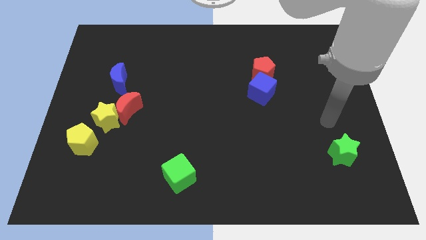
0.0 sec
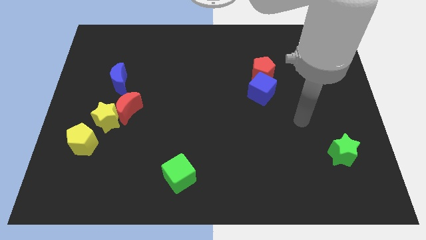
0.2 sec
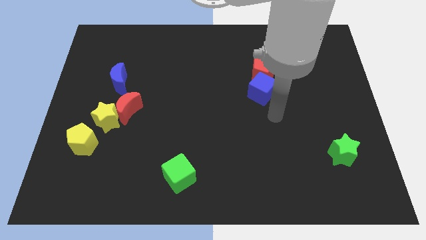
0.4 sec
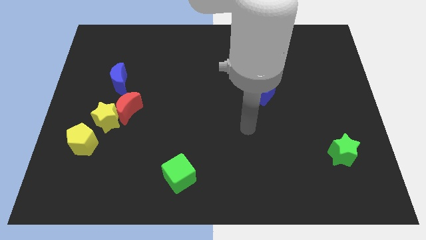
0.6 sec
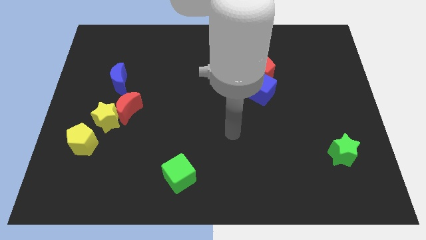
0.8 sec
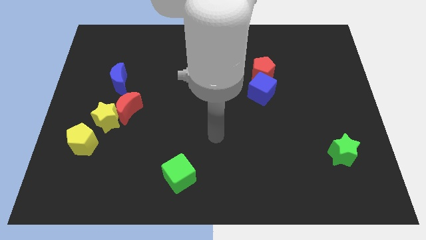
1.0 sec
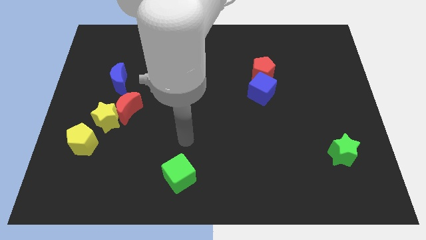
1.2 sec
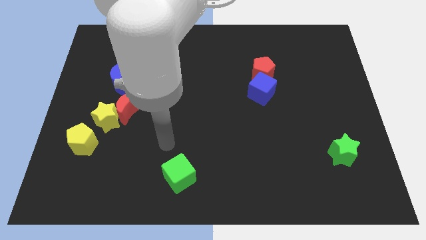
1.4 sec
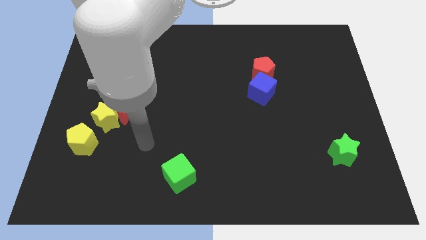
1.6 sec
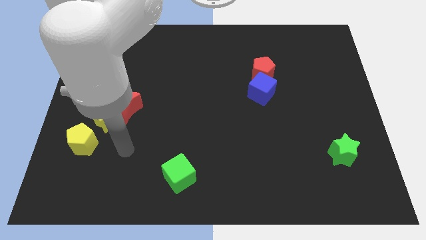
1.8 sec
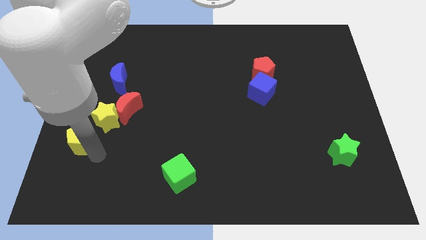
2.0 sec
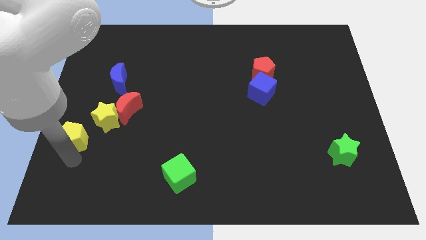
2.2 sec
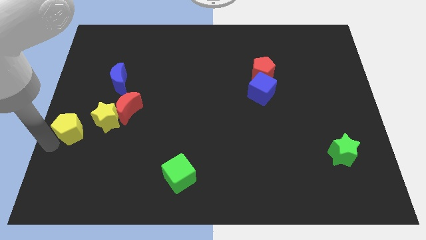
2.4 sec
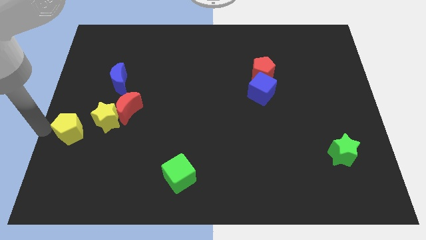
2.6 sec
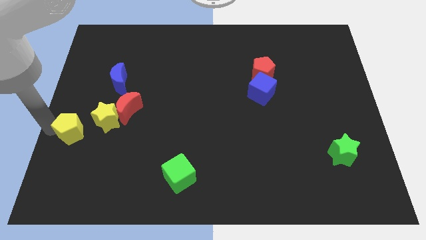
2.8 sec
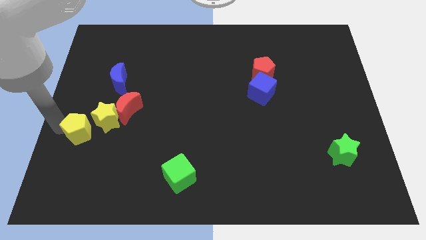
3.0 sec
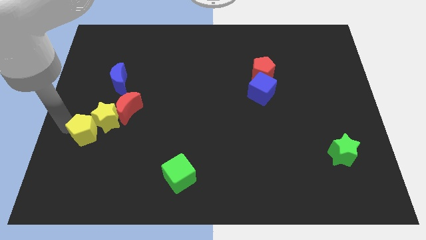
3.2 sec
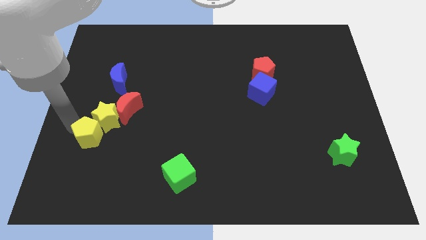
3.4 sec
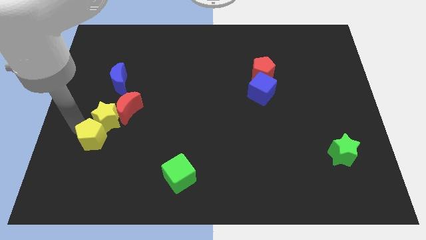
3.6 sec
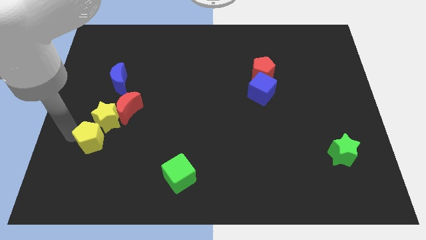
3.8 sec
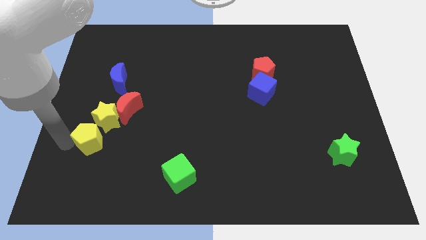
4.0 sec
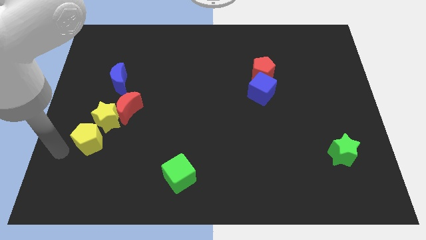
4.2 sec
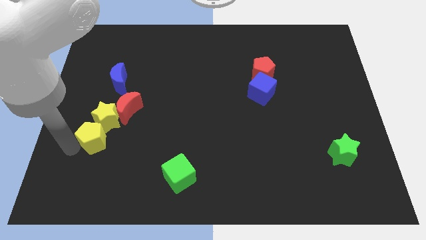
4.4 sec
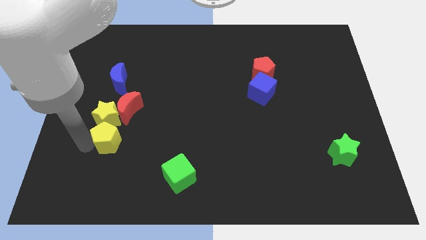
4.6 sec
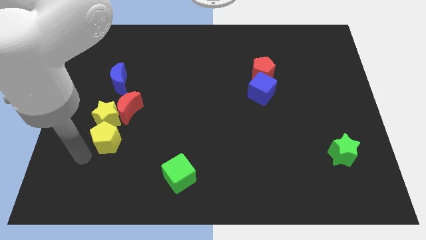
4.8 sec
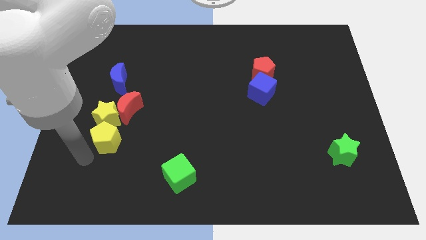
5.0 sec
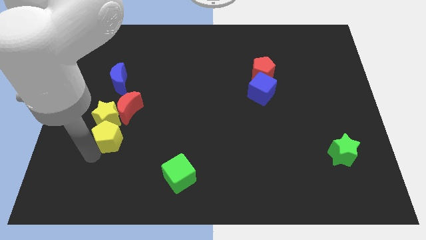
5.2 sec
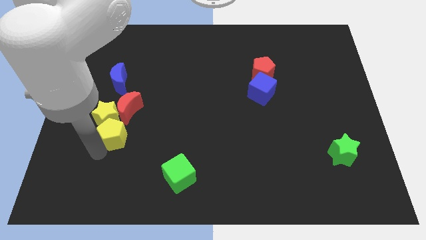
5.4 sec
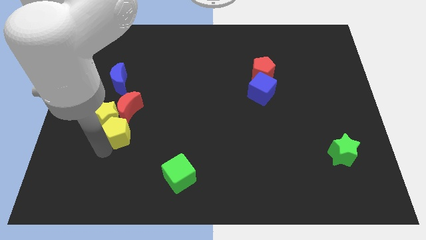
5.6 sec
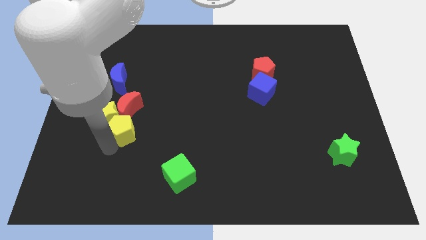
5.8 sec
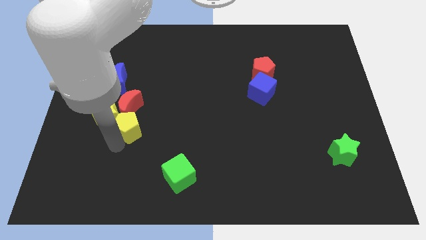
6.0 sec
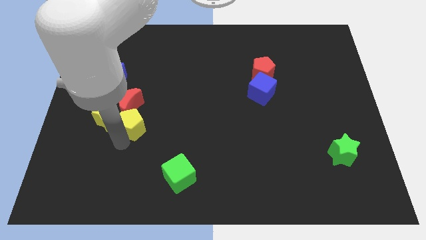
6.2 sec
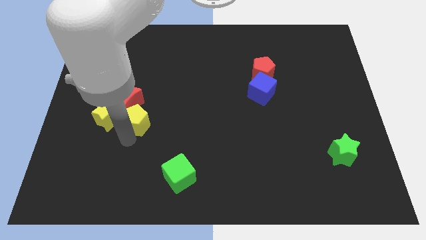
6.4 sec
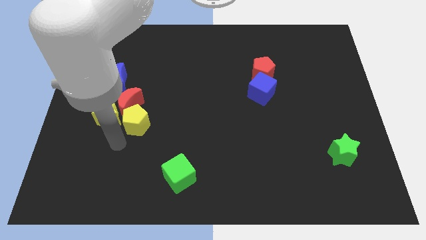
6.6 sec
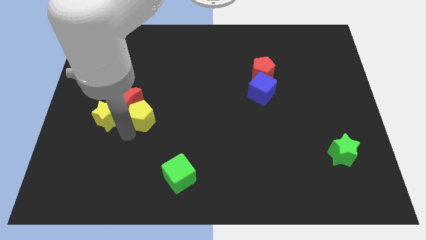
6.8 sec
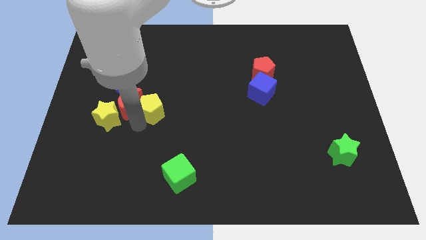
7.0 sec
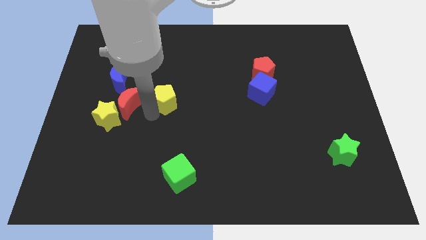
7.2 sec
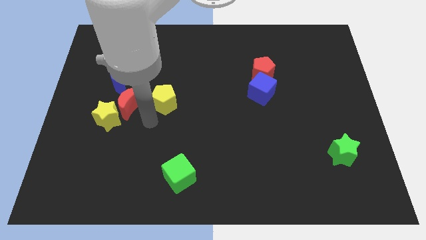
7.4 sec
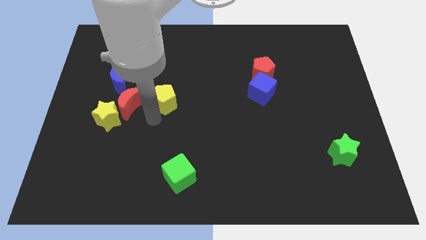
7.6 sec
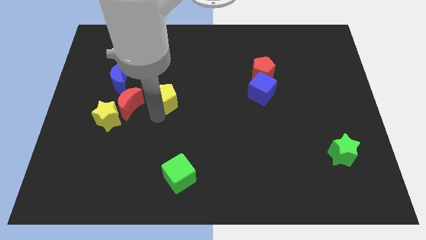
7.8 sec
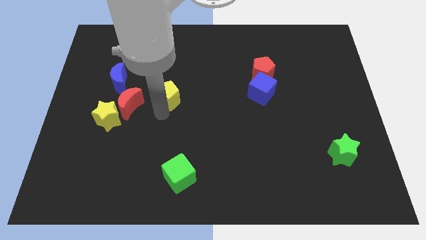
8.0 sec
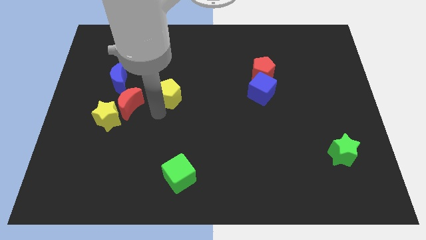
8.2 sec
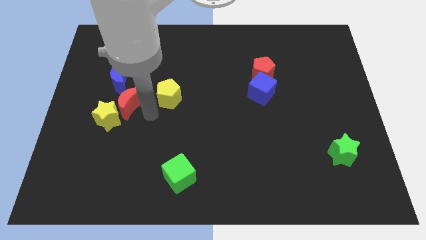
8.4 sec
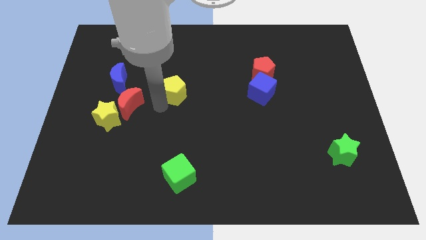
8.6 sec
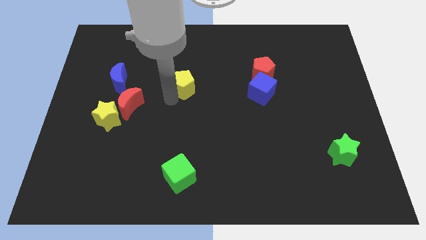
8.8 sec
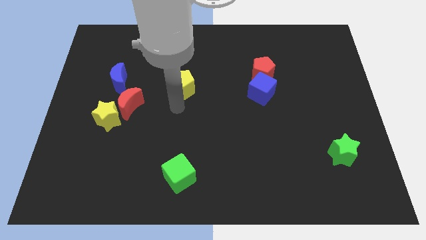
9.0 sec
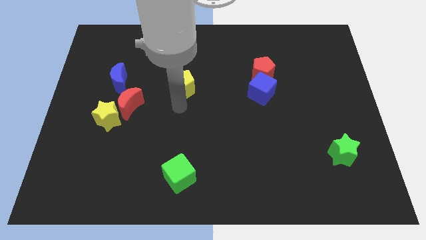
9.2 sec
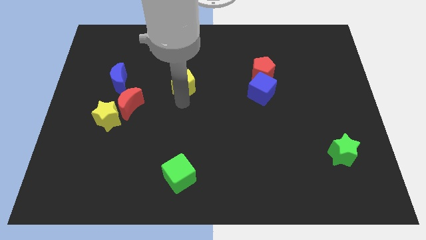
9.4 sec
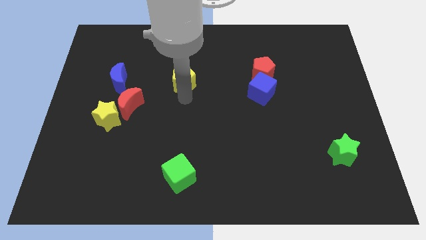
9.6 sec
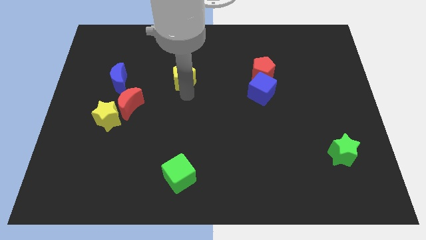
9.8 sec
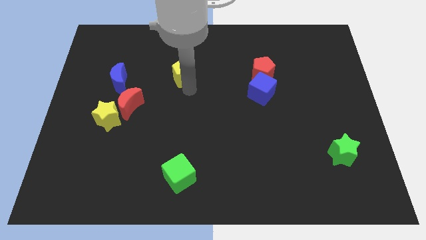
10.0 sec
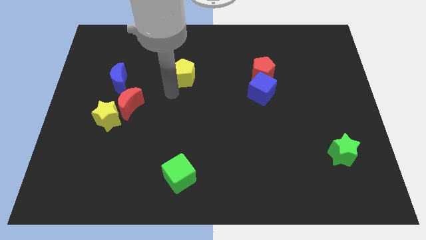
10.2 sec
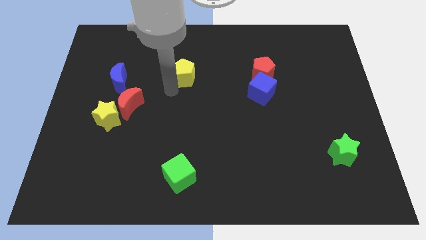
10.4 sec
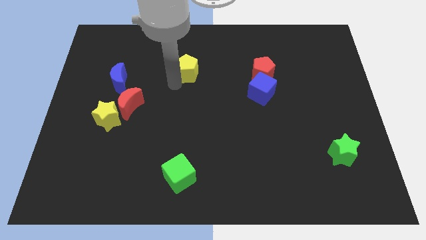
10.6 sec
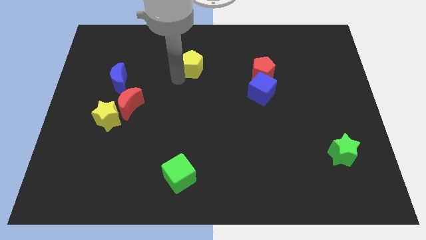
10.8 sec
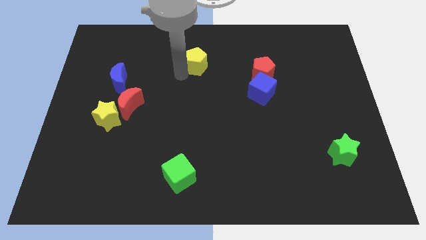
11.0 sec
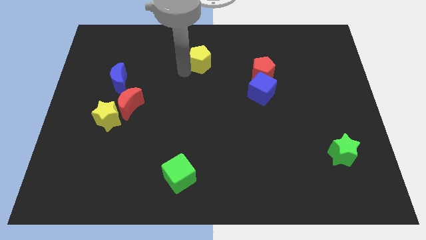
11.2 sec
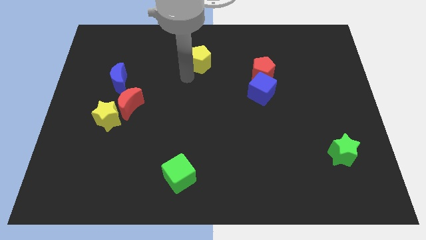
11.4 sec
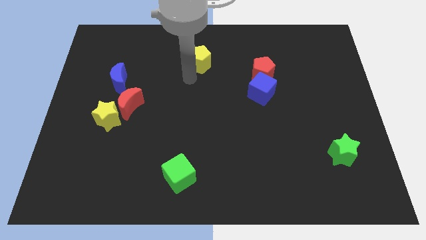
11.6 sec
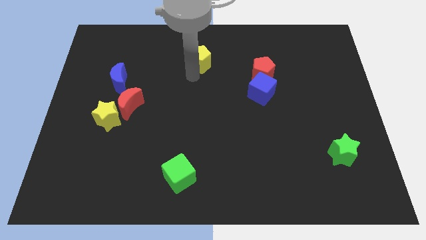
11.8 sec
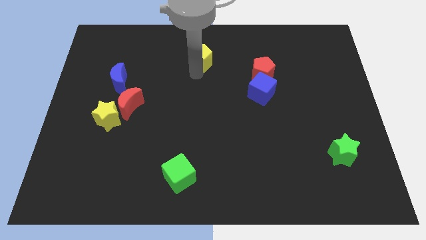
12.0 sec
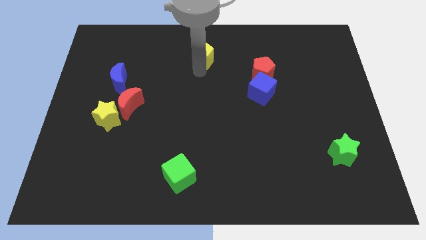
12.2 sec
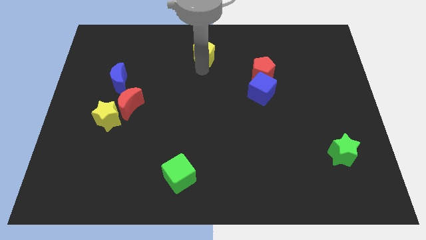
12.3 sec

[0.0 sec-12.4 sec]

════════════════════

Task brief>
Retype the data above as given, letting no picture into the copy.

Result>
0.0 sec
0.2 sec
0.4 sec
0.6 sec
0.8 sec
1.0 sec
1.2 sec
1.4 sec
1.6 sec
1.8 sec
2.0 sec
2.2 sec
2.4 sec
2.6 sec
2.8 sec
3.0 sec
3.2 sec
3.4 sec
3.6 sec
3.8 sec
4.0 sec
4.2 sec
4.4 sec
4.6 sec
4.8 sec
5.0 sec
5.2 sec
5.4 sec
5.6 sec
5.8 sec
6.0 sec
6.2 sec
6.4 sec
6.6 sec
6.8 sec
7.0 sec
7.2 sec
7.4 sec
7.6 sec
7.8 sec
8.0 sec
8.2 sec
8.4 sec
8.6 sec
8.8 sec
9.0 sec
9.2 sec
9.4 sec
9.6 sec
9.8 sec
10.0 sec
10.2 sec
10.4 sec
10.6 sec
10.8 sec
11.0 sec
11.2 sec
11.4 sec
11.6 sec
11.8 sec
12.0 sec
12.2 sec
12.3 sec

[0.0 sec-12.4 sec]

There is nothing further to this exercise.